Ironically or coincidentally, as we honor my dad today, our whole Duong family is gathered around my Ongie, my dad’s dad, who just went home on hospice care. And just like that, the day that I was so worried would floor me has floored me in an entirely different way. And just like 15 years ago, I am watching my mom move with untold strength, grace, poise, and tact as she navigates an impossible situation while still watching out for me and Vickie. I am literally amazed by her each and every day, and am so grateful for her guidance, presence, and spirit. I am witnessing the true depths of a mother’s and wife’s love, and I am just in awe. After my dad died, she made sure that his dad, my Ongie, became an even bigger part of our life. Ong was with us on every family vacation, came to holiday parties (whether a Duong family gathering or a Nguyen one), and enjoyed more random, casual dinners together than I can remember. I joined him on many of his photography expeditions — trips with his Vietnamese grandpa’s photography club  — to take pictures of the fall foliage in New Hampshire, to the flower fields in Lompoc, to the sand dunes in death valley. We fulfilled his lifelong dream to go see Paris, and to his dismay, the streets were not actually made of gold. Vickie and Ong had a standing weekly date to watch Dancing with the Stars together. I am so grateful that mom created the opportunities for me and Vickie to love and know Ong as a proxy for dad. As a result, Ong became the closet thing we’ve have to dad for the last 15 years: aside from looking amazingly identical and giving me an idea of what my dad would’ve looked like as a cute old grandpa, they share that same characteristic Duong disposition: quiet and reserved, but playful and loving underneath. I like to think dad would have been a lot like Ong if he had aged, and through Ong, I feel like we got to know dad a little better.
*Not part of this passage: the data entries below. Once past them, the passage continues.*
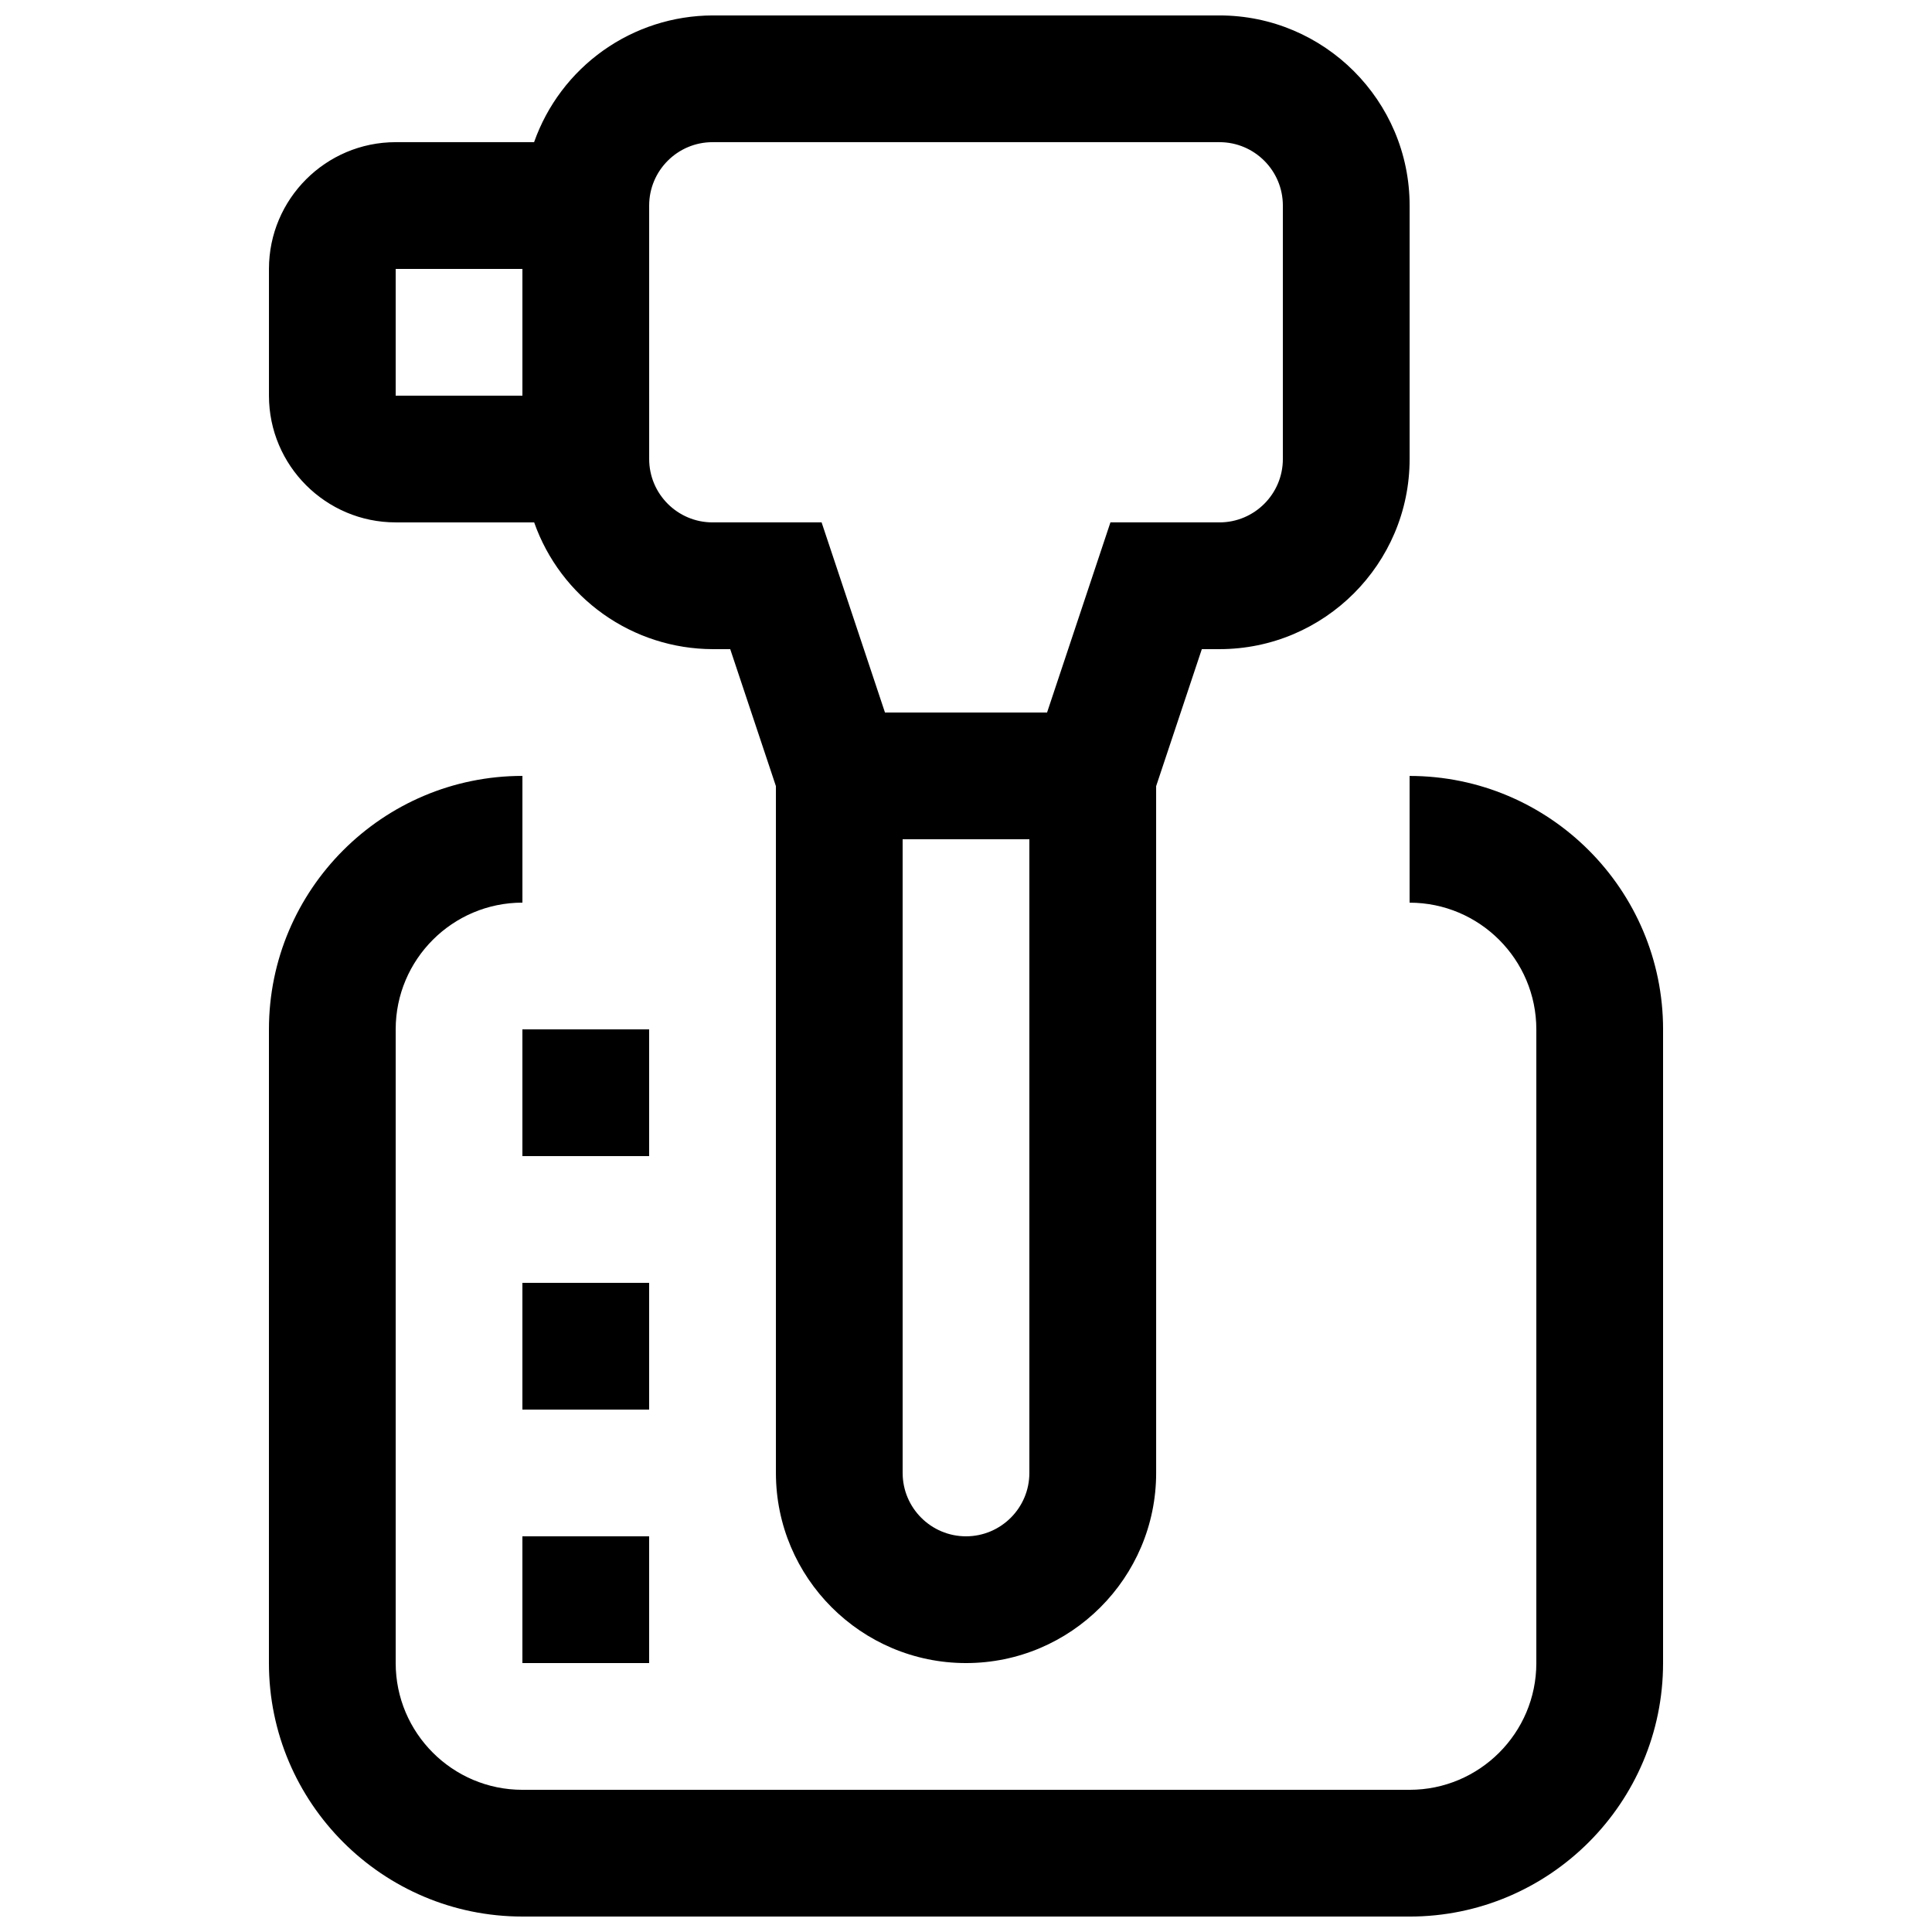 <?xml version="1.0" encoding="UTF-8"?>
<!-- Uploaded to: SVG Find, www.svgfind.com, Generator: SVG Find Mixer Tools -->
<svg width="800px" height="800px" version="1.1" viewBox="144 144 512 512" xmlns="http://www.w3.org/2000/svg">
 <defs>
  <clipPath id="a">
   <path d="m215 148.09h370v503.81h-370z"/>
  </clipPath>
 </defs>
 <g clip-path="url(#a)">
  <path d="m282.44 584.73h33.586v-33.586l-33.586-0.004zm0-67.176h33.586v-33.586l-33.586-0.004zm0-67.176h33.586v-33.586h-33.586zm302.29-33.586v167.94c0 37.047-30.129 67.176-67.176 67.176l-235.11-0.004c-37.047 0-67.176-30.129-67.176-67.176l0.004-167.93c0-37.047 30.129-67.176 67.176-67.176v33.586c-18.523 0-33.586 15.062-33.586 33.586v167.94c0 18.523 15.062 33.586 33.586 33.586h235.11c18.523 0 33.586-15.062 33.586-33.586v-167.93c0-18.523-15.062-33.586-33.586-33.586v-33.586c37.047 0 67.176 30.129 67.176 67.176zm-335.87-167.94h33.586v-33.586h-33.586zm67.176-50.383c0-9.27 7.539-16.793 16.793-16.793h134.35c9.254 0 16.793 7.523 16.793 16.793v67.176c0 9.27-7.539 16.793-16.793 16.793h-28.902l-16.793 50.383h-42.957l-16.793-50.383h-28.902c-9.254 0-16.793-7.523-16.793-16.793zm83.969 352.67c-9.254 0-16.793-7.523-16.793-16.793l-0.004-167.94h33.586v167.94c0 9.27-7.539 16.793-16.793 16.793zm-151.14-268.7h36.695c3.449 9.793 9.844 18.281 18.309 24.293 8.465 6.016 18.582 9.262 28.965 9.297h4.684l12.109 36.309v182.01c0 27.777 22.605 50.383 50.383 50.383s50.383-22.605 50.383-50.383l-0.004-182.01 12.109-36.309h4.684c27.777 0 50.383-22.605 50.383-50.383v-67.172c0-27.777-22.605-50.383-50.383-50.383h-134.35c-10.387 0.035-20.504 3.281-28.973 9.297-8.465 6.012-14.863 14.496-18.32 24.289h-36.676c-18.523 0-33.586 15.066-33.586 33.59v33.586c0 18.523 15.062 33.586 33.586 33.586z" fill-rule="evenodd"/>
 </g>
</svg>

And now more than ever, in this difficult time, I am reminded even more of mom’s greatest lesson to us: be good to those you love while they are alive. Life is short, time is precious, and nobody is promised tomorrow. I am thankful that instead of wishing that we had taken Ong to more places, that I can sit at his bedside and talk about all the cool things we’ve done and memories we’ve shared together. I’m thankful that we took him on so many trips that he didn’t feel the need to travel anymore. And I’m thankful that I had so many beautiful years with him, getting to know and love him in the way that I never got to know my dad.

So today, instead of mourning dad, I am also celebrating my Ong, and expressing eternal gratitude for the most amazing woman I know, without whom I never could have made it through the last 15 years.